Arrived at Digital Book 2009; presentation begins at 8:45am EST
Met Andrew Sacher, CEO of Word-Player, the first ebook reader for the Android platform: word-player.com he has 60K downloads
Sony is a major sponsor of the conference. Will be presenting later
Attendees from Canada, Brazil, UK, Spain, France, Germany, Netherlands, Israel, India, Japan, Taiwan
Lisa Mcloy-Kelley, VP Random House Content management: digital reading hit tipping point combination of new devices and increased content
LIsa: part of general digital media convergence; every level of the organization now aware of ebooks
Lisa: cookbooks, jewelry, craft books, etc. don’t work in digital form - need to flip through pages
Lisa: a year ago publishers not ready for EPUB cause too much work and retailers didn’t want it cause not enough content
Lisa: adopted DocBook as standard XML; working on project to check rights convert backlist titles
Lisa: working to change every existing ebook to epub by end of year
Lisa: working on digital distribution system; reviewing all their rights; testing earlier issue of ebook than print book
Lisa: reflowable pages make people uncomfortable, but as much as you can int the XML
Lisa: today’s consumer very quality oriented in the end result of conversion
Bob Carlton, VP Marketing, LibreDigital: publishers not understand how to market ebooks yet
Carlton: PDF difficult to map to epub
Carlton: converted format is not exact replica of original text
Carlton: must embrace standards that are flexible and make reading engaging.

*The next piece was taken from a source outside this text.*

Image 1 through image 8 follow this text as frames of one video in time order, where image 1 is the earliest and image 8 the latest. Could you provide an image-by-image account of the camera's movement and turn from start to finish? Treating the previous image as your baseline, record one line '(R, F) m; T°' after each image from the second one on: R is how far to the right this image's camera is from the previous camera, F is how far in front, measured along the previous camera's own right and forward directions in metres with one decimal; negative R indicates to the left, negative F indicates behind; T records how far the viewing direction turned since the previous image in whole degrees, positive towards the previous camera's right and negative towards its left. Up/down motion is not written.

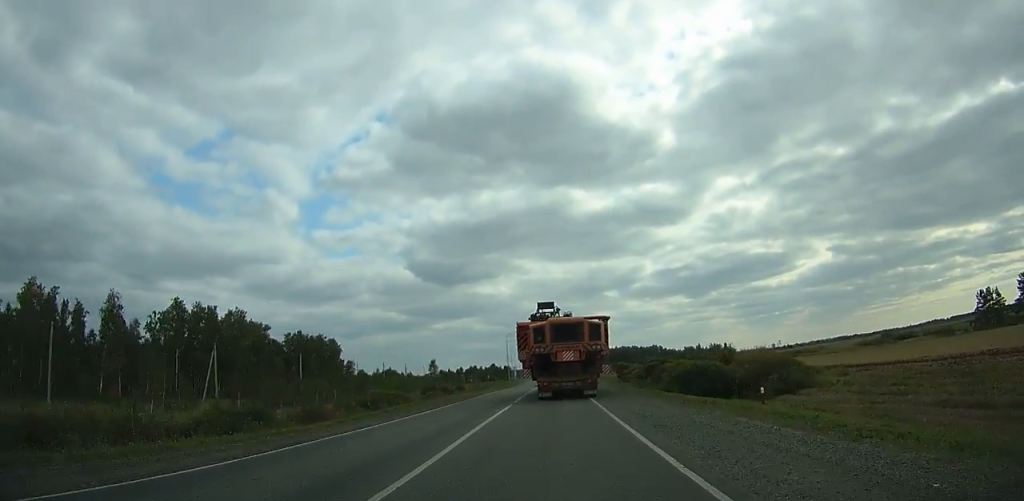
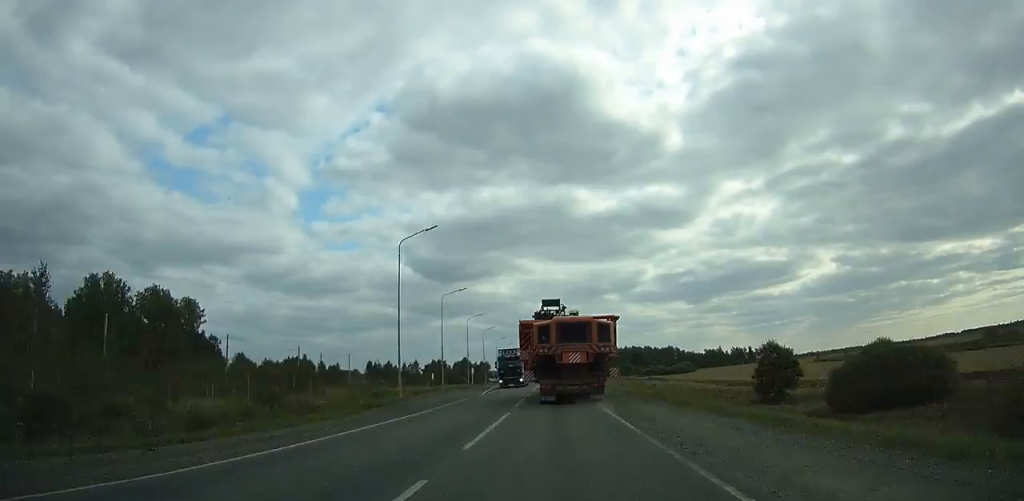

Engaging is important
Carlton: in real world no one will be able to own whole supply chain from creation to distribution
Sandeep Dhawan: Aptara Vice President: from service bureau quality parameters not defined clearly
Dhawan: clean XML as the first part of the workflow is a must
Dhawan: automation in digital workflow is critical
Dhawan: quality assurance on actual reading device is essential
Dave Cramer: TexTech, XML Architect: currently ebook quality is terrible, epub is a very looks standard and you must be very specific ab …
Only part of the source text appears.